▸ ABOUT THIS EXERCISE:
What follows is a set of entries. Repeat them exactly, but not their pictures.

*** Opening SUPPLIED RECORDS ***

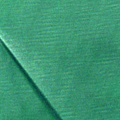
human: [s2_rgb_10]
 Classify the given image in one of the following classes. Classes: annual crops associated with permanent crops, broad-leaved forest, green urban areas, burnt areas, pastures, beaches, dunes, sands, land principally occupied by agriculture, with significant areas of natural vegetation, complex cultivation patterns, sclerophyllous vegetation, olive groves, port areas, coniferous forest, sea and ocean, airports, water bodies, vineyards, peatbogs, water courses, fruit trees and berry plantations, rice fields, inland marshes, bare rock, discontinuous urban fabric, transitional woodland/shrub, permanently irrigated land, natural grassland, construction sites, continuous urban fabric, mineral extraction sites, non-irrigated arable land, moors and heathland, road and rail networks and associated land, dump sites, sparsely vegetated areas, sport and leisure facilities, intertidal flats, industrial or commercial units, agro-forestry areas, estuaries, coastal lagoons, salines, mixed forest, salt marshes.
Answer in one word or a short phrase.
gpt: sea and ocean
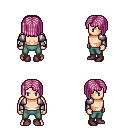
a pixel art fantasy rpg character, male body template, human, light skin, steel arm armor, teal pants, pink pageboy hairstyle, maroon shoes, four views (front, back, left, right), 2x2 character sprite sheet, small pixel art, hard edges, no anti-aliasing
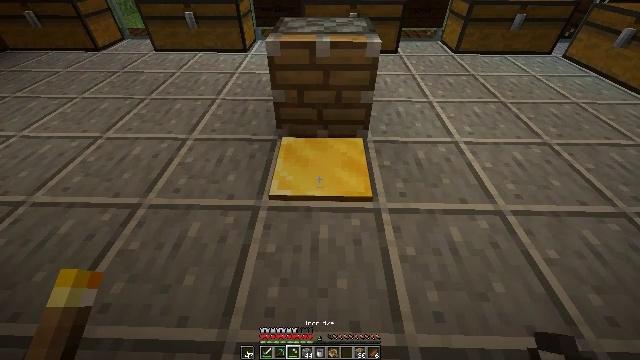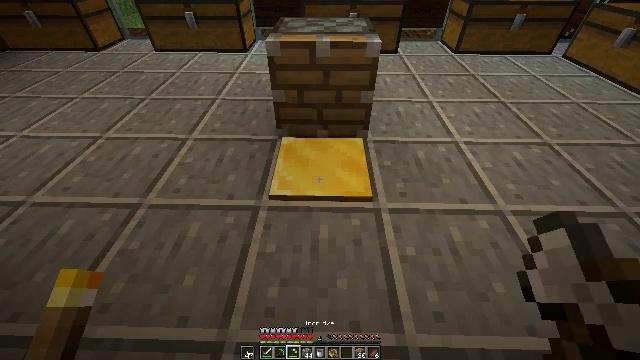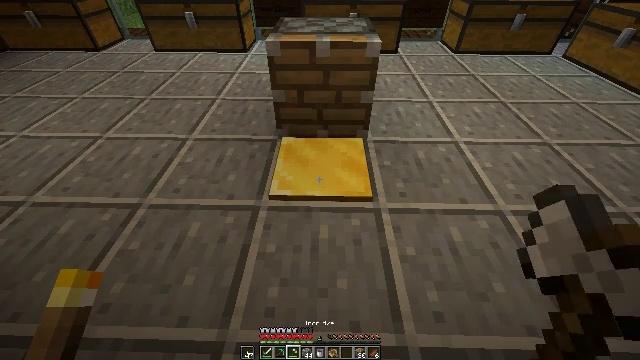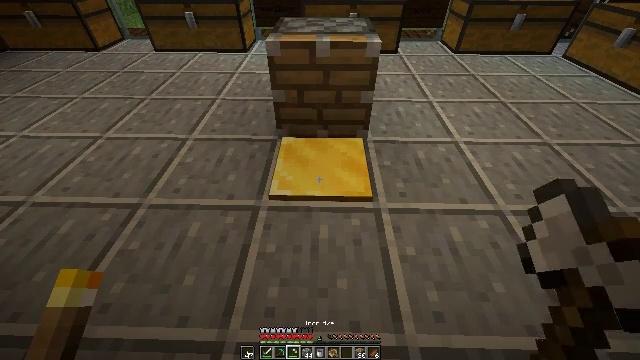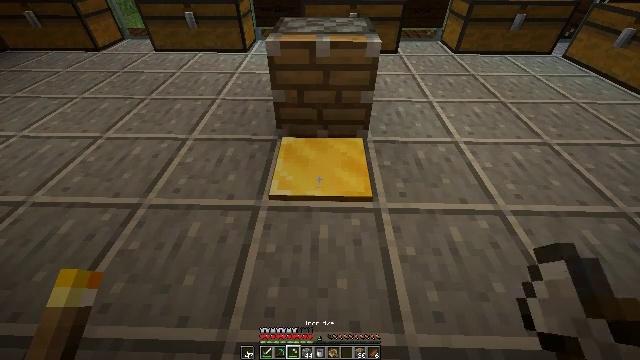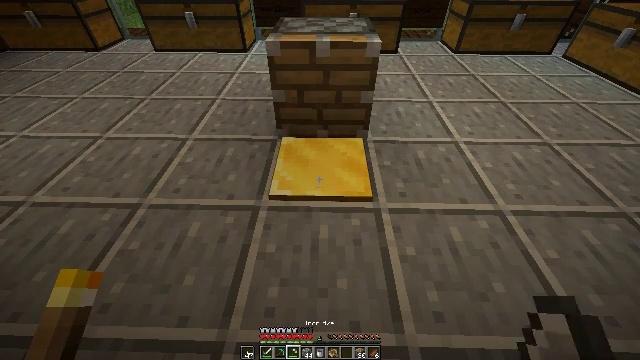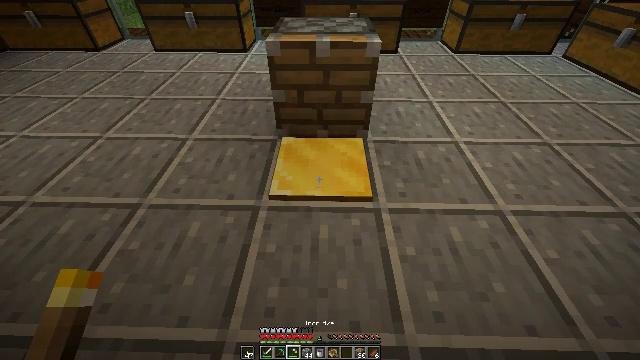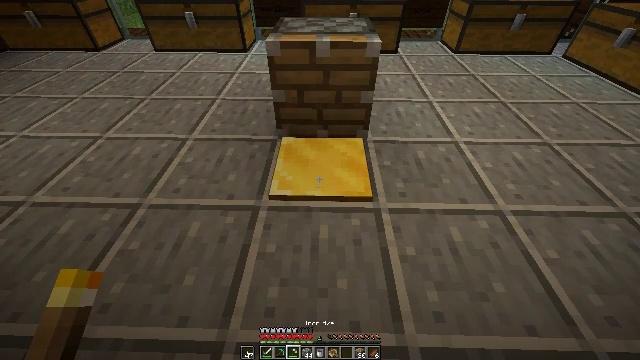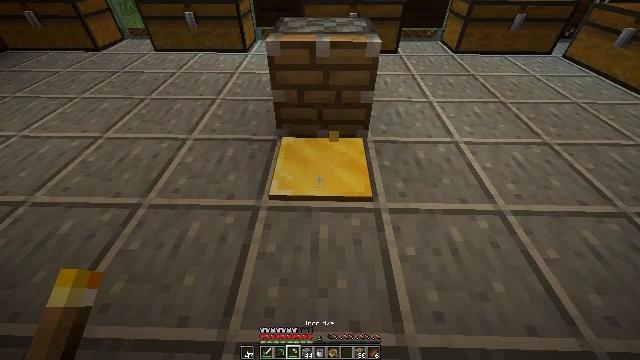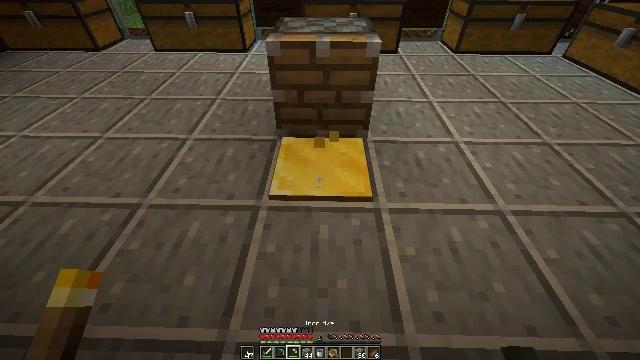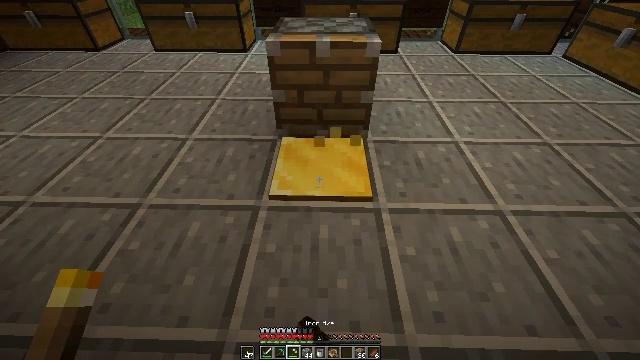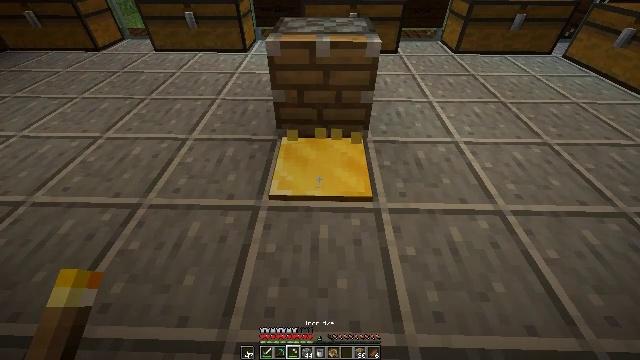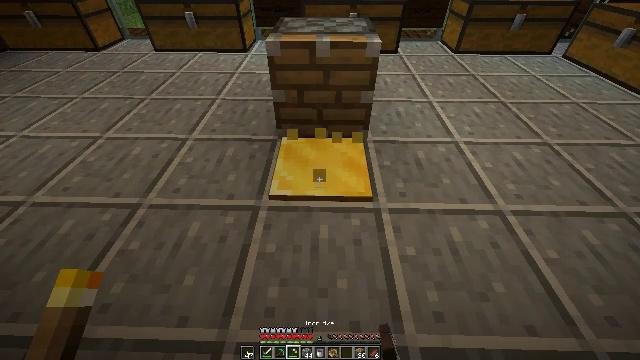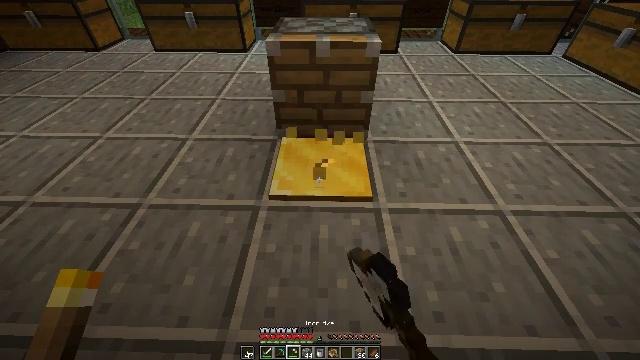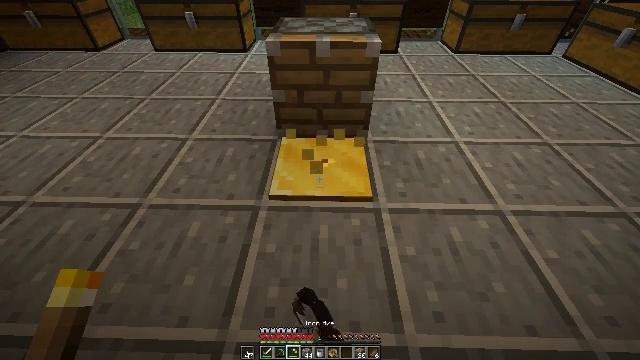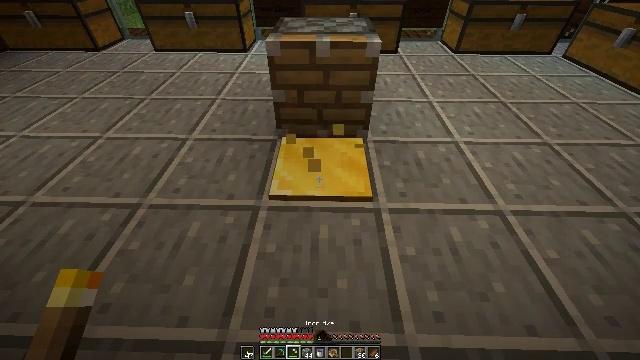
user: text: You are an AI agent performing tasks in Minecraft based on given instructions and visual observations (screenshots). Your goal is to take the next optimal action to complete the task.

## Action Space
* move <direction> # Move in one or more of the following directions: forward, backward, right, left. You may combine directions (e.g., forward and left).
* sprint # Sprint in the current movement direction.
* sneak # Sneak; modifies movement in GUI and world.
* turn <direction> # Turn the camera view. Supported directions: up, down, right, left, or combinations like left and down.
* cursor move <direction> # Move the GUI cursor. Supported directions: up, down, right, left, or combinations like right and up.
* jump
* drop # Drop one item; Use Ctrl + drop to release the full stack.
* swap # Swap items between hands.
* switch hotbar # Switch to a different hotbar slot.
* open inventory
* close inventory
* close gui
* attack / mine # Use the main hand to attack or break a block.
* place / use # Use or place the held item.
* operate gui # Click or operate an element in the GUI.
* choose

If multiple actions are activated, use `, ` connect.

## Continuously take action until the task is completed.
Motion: motion action
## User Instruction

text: mine block light weighted pressure plate
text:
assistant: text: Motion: no_op
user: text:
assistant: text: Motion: no_op
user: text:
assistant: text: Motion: no_op
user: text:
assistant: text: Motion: no_op
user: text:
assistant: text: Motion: no_op
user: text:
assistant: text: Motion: no_op
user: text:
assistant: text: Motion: no_op
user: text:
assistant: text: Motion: attack / mine
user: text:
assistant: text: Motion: attack / mine
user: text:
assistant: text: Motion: attack / mine
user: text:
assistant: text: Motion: attack / mine
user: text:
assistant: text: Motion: attack / mine
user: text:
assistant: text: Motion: attack / mine
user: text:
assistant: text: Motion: attack / mine
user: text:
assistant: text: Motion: no_op
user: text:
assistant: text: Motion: switch to hotbar 2
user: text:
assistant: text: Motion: switch to hotbar 2
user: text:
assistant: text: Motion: switch to hotbar 2
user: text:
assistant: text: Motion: attack / mine, switch to hotbar 2
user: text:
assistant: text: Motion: attack / mine
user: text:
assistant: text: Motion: attack / mine
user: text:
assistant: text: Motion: attack / mine
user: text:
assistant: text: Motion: attack / mine
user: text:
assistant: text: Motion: attack / mine
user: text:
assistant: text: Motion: attack / mine

*** Closing SUPPLIED RECORDS ***

▸ ANSWER FOR THIS EXERCISE:
human: [s2_rgb_10]
 Classify the given image in one of the following classes. Classes: annual crops associated with permanent crops, broad-leaved forest, green urban areas, burnt areas, pastures, beaches, dunes, sands, land principally occupied by agriculture, with significant areas of natural vegetation, complex cultivation patterns, sclerophyllous vegetation, olive groves, port areas, coniferous forest, sea and ocean, airports, water bodies, vineyards, peatbogs, water courses, fruit trees and berry plantations, rice fields, inland marshes, bare rock, discontinuous urban fabric, transitional woodland/shrub, permanently irrigated land, natural grassland, construction sites, continuous urban fabric, mineral extraction sites, non-irrigated arable land, moors and heathland, road and rail networks and associated land, dump sites, sparsely vegetated areas, sport and leisure facilities, intertidal flats, industrial or commercial units, agro-forestry areas, estuaries, coastal lagoons, salines, mixed forest, salt marshes.
Answer in one word or a short phrase.
gpt: sea and ocean
a pixel art fantasy rpg character, male body template, human, light skin, steel arm armor, teal pants, pink pageboy hairstyle, maroon shoes, four views (front, back, left, right), 2x2 character sprite sheet, small pixel art, hard edges, no anti-aliasing
user: text: You are an AI agent performing tasks in Minecraft based on given instructions and visual observations (screenshots). Your goal is to take the next optimal action to complete the task.

## Action Space
* move <direction> # Move in one or more of the following directions: forward, backward, right, left. You may combine directions (e.g., forward and left).
* sprint # Sprint in the current movement direction.
* sneak # Sneak; modifies movement in GUI and world.
* turn <direction> # Turn the camera view. Supported directions: up, down, right, left, or combinations like left and down.
* cursor move <direction> # Move the GUI cursor. Supported directions: up, down, right, left, or combinations like right and up.
* jump
* drop # Drop one item; Use Ctrl + drop to release the full stack.
* swap # Swap items between hands.
* switch hotbar # Switch to a different hotbar slot.
* open inventory
* close inventory
* close gui
* attack / mine # Use the main hand to attack or break a block.
* place / use # Use or place the held item.
* operate gui # Click or operate an element in the GUI.
* choose

If multiple actions are activated, use `, ` connect.

## Continuously take action until the task is completed.
Motion: motion action
## User Instruction

text: mine block light weighted pressure plate
text:
assistant: text: Motion: no_op
user: text:
assistant: text: Motion: no_op
user: text:
assistant: text: Motion: no_op
user: text:
assistant: text: Motion: no_op
user: text:
assistant: text: Motion: no_op
user: text:
assistant: text: Motion: no_op
user: text:
assistant: text: Motion: no_op
user: text:
assistant: text: Motion: attack / mine
user: text:
assistant: text: Motion: attack / mine
user: text:
assistant: text: Motion: attack / mine
user: text:
assistant: text: Motion: attack / mine
user: text:
assistant: text: Motion: attack / mine
user: text:
assistant: text: Motion: attack / mine
user: text:
assistant: text: Motion: attack / mine
user: text:
assistant: text: Motion: no_op
user: text:
assistant: text: Motion: switch to hotbar 2
user: text:
assistant: text: Motion: switch to hotbar 2
user: text:
assistant: text: Motion: switch to hotbar 2
user: text:
assistant: text: Motion: attack / mine, switch to hotbar 2
user: text:
assistant: text: Motion: attack / mine
user: text:
assistant: text: Motion: attack / mine
user: text:
assistant: text: Motion: attack / mine
user: text:
assistant: text: Motion: attack / mine
user: text:
assistant: text: Motion: attack / mine
user: text:
assistant: text: Motion: attack / mine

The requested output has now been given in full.